▸ **The data**:
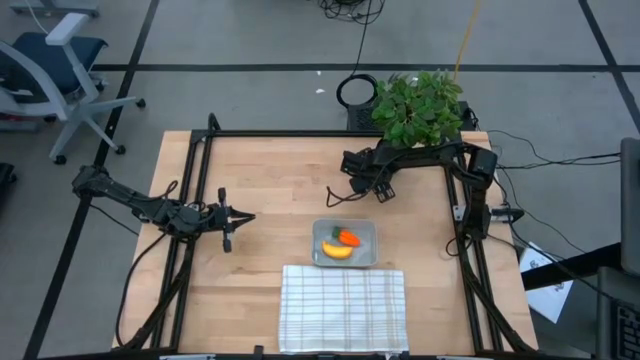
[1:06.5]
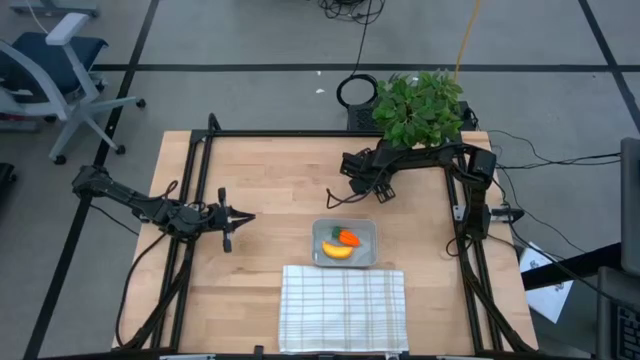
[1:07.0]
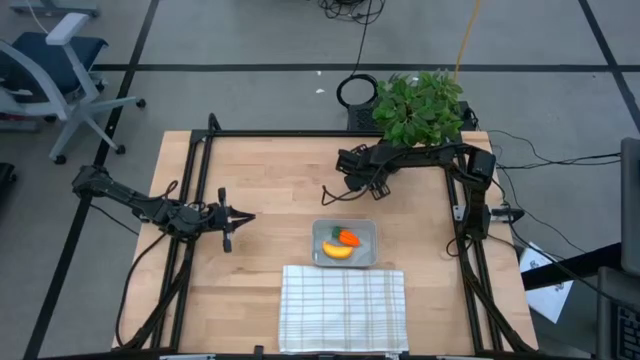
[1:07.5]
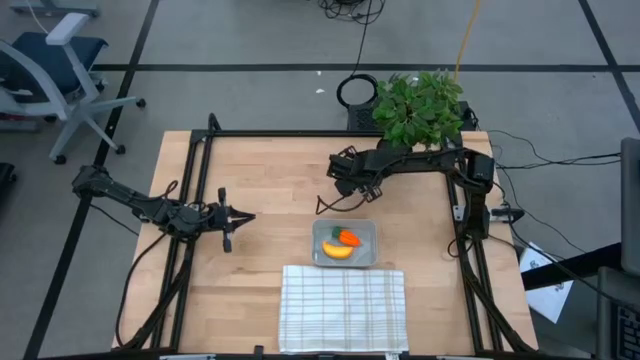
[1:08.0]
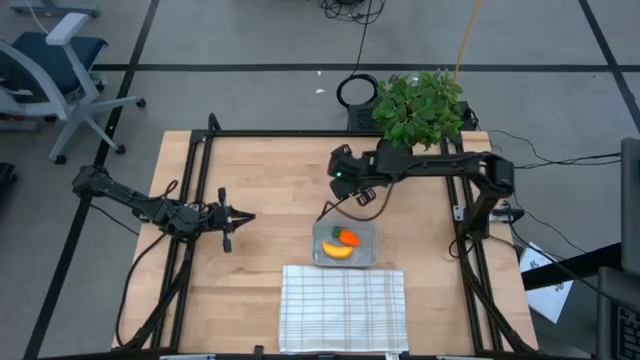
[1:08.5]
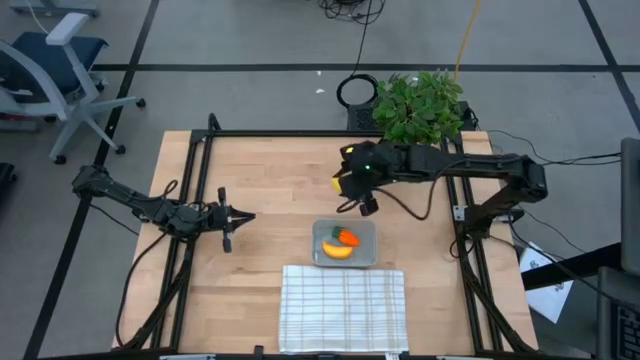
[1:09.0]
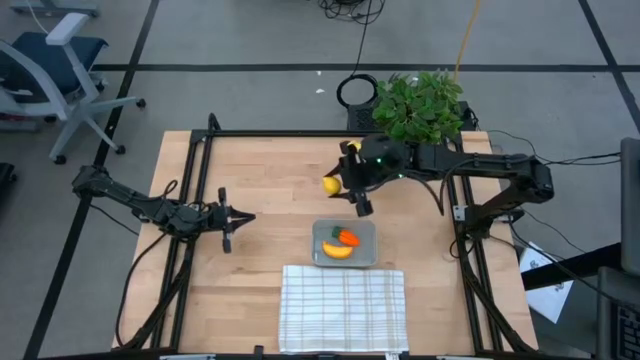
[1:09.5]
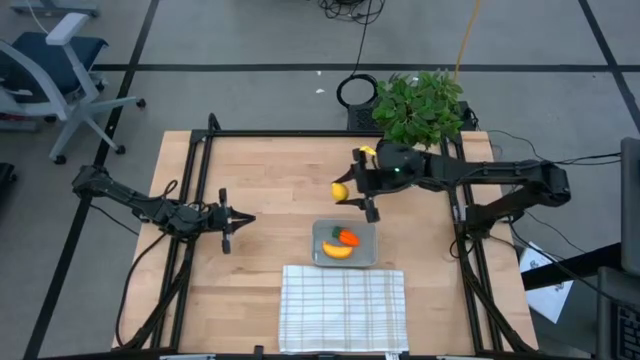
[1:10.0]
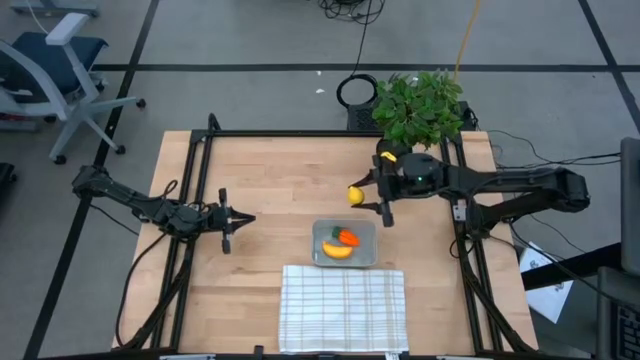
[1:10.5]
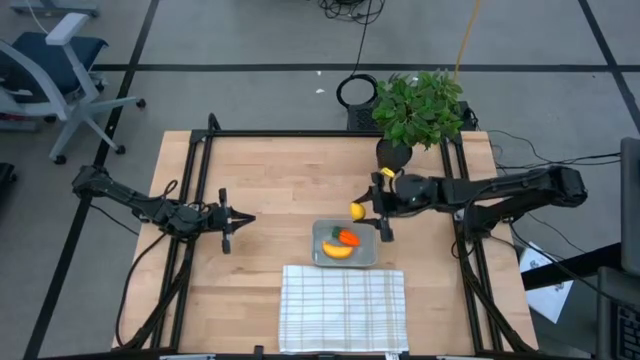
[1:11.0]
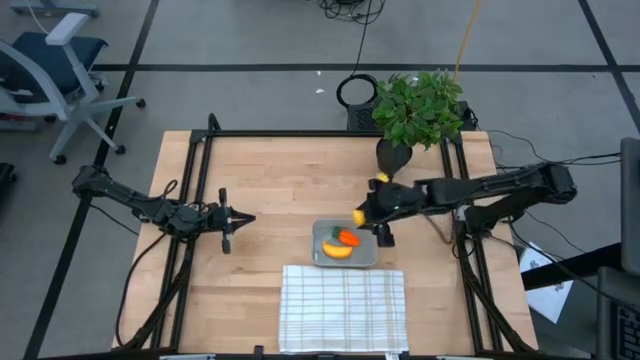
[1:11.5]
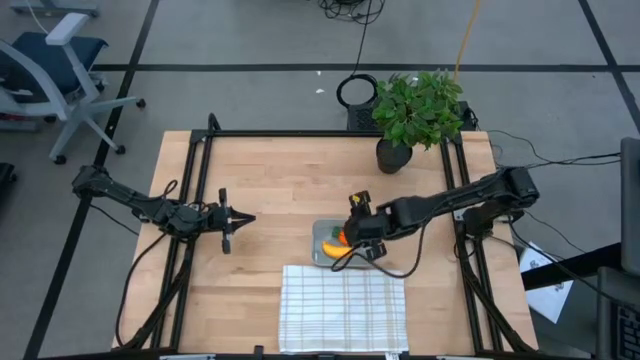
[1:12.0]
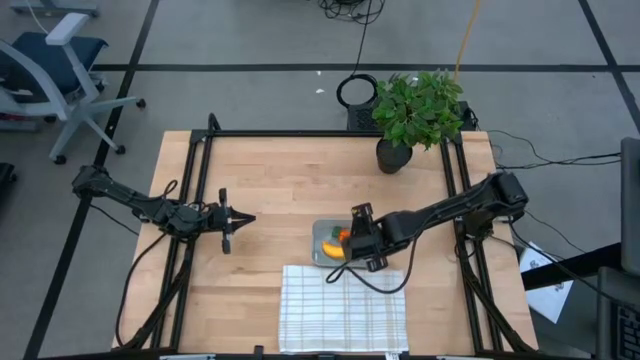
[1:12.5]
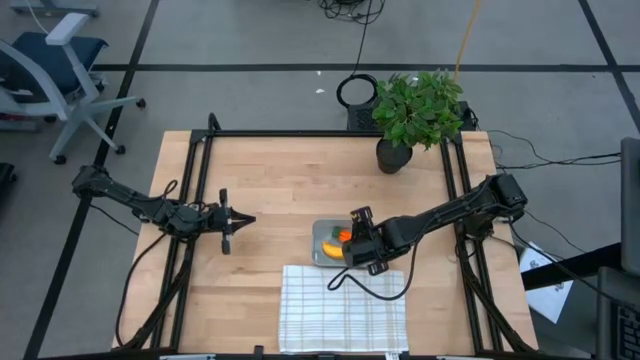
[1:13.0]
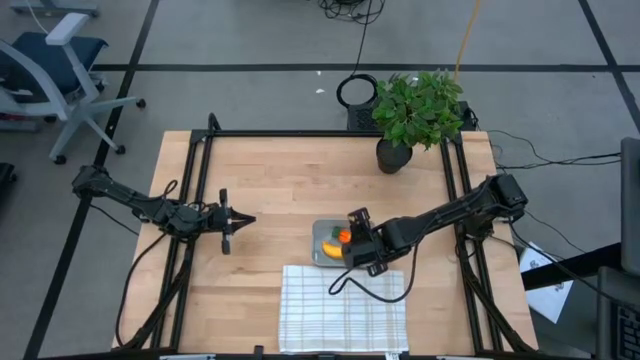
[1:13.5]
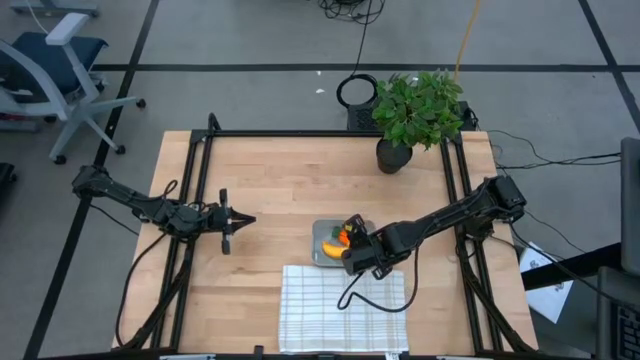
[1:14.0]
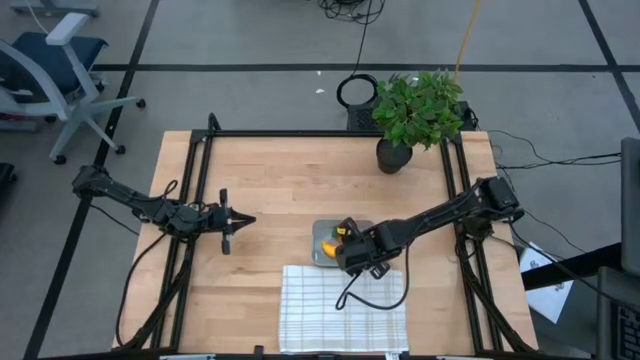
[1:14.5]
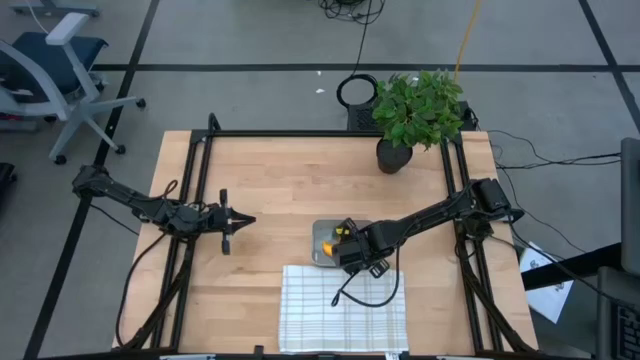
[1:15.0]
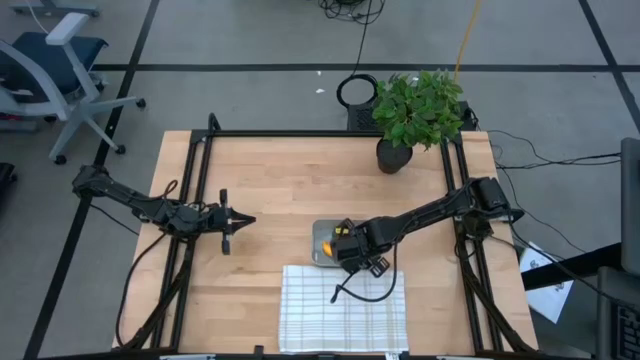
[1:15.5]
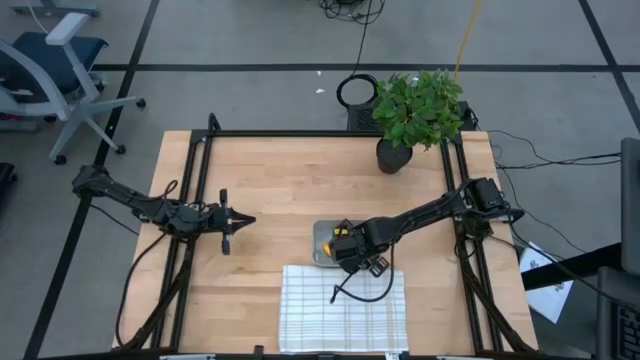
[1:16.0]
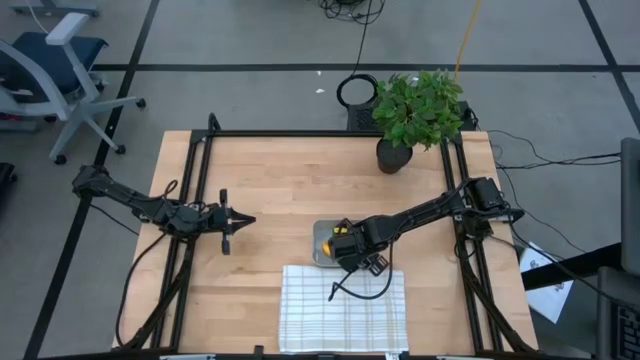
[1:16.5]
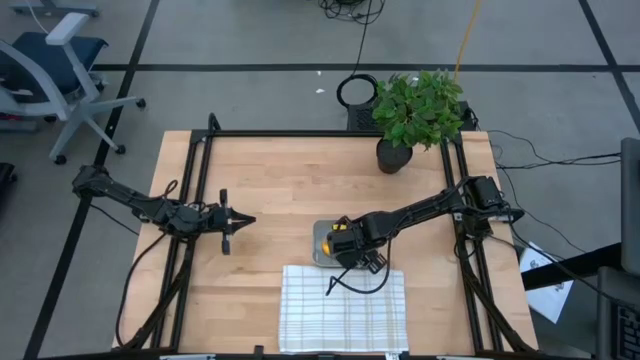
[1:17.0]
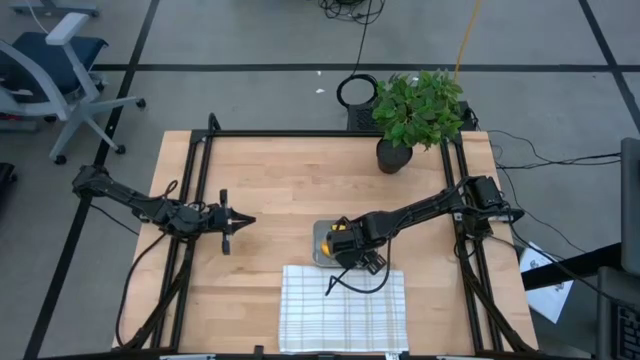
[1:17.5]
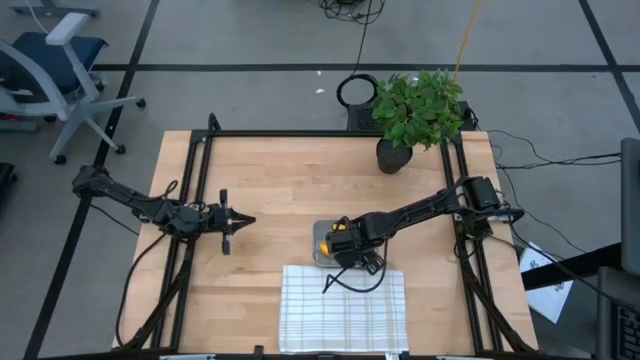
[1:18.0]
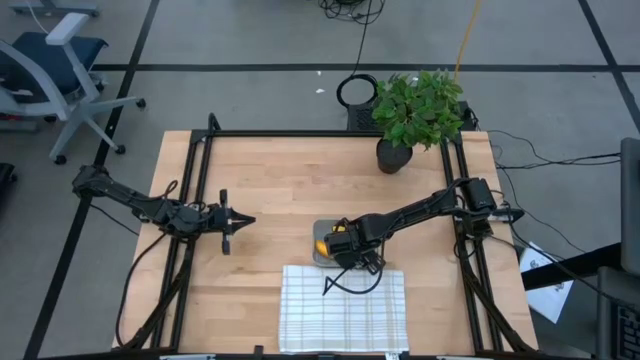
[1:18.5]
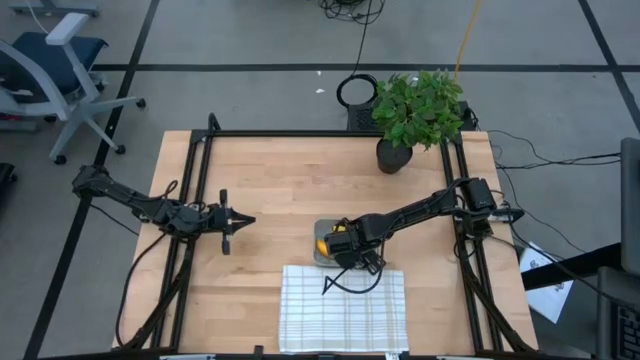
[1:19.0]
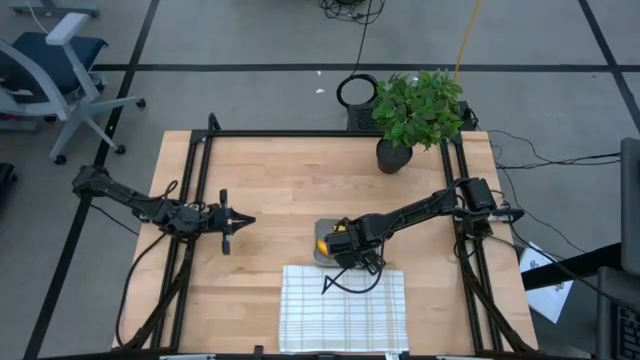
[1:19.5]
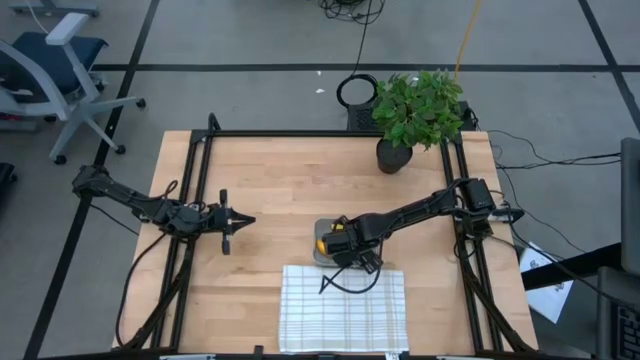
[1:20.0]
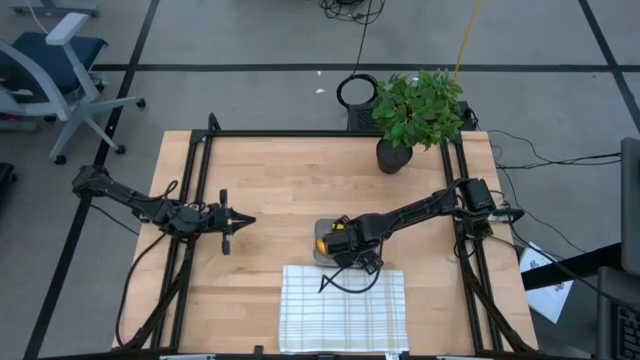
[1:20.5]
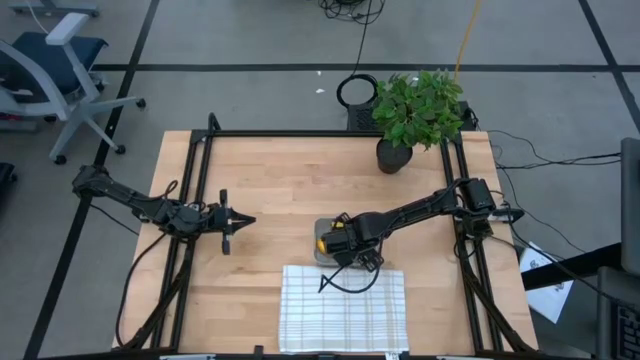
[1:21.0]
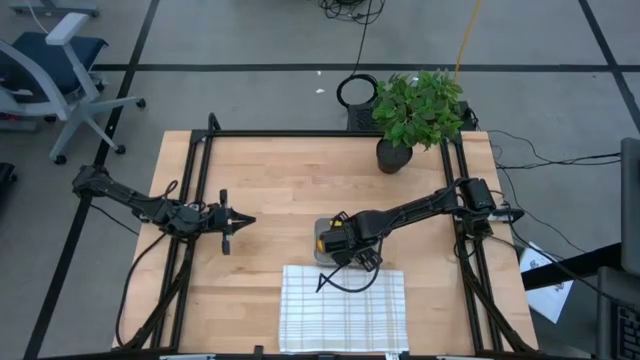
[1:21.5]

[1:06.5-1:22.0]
Task: Pick and placing Produce into tupperware
Put the yellow lemon into the gray bin

▸ **Work to complete**:
All of the material above is to be copied exactly, with no pictures.

▸ **Expected output**:
[1:06.5]
[1:07.0]
[1:07.5]
[1:08.0]
[1:08.5]
[1:09.0]
[1:09.5]
[1:10.0]
[1:10.5]
[1:11.0]
[1:11.5]
[1:12.0]
[1:12.5]
[1:13.0]
[1:13.5]
[1:14.0]
[1:14.5]
[1:15.0]
[1:15.5]
[1:16.0]
[1:16.5]
[1:17.0]
[1:17.5]
[1:18.0]
[1:18.5]
[1:19.0]
[1:19.5]
[1:20.0]
[1:20.5]
[1:21.0]
[1:21.5]

[1:06.5-1:22.0]
Task: Pick and placing Produce into tupperware
Put the yellow lemon into the gray bin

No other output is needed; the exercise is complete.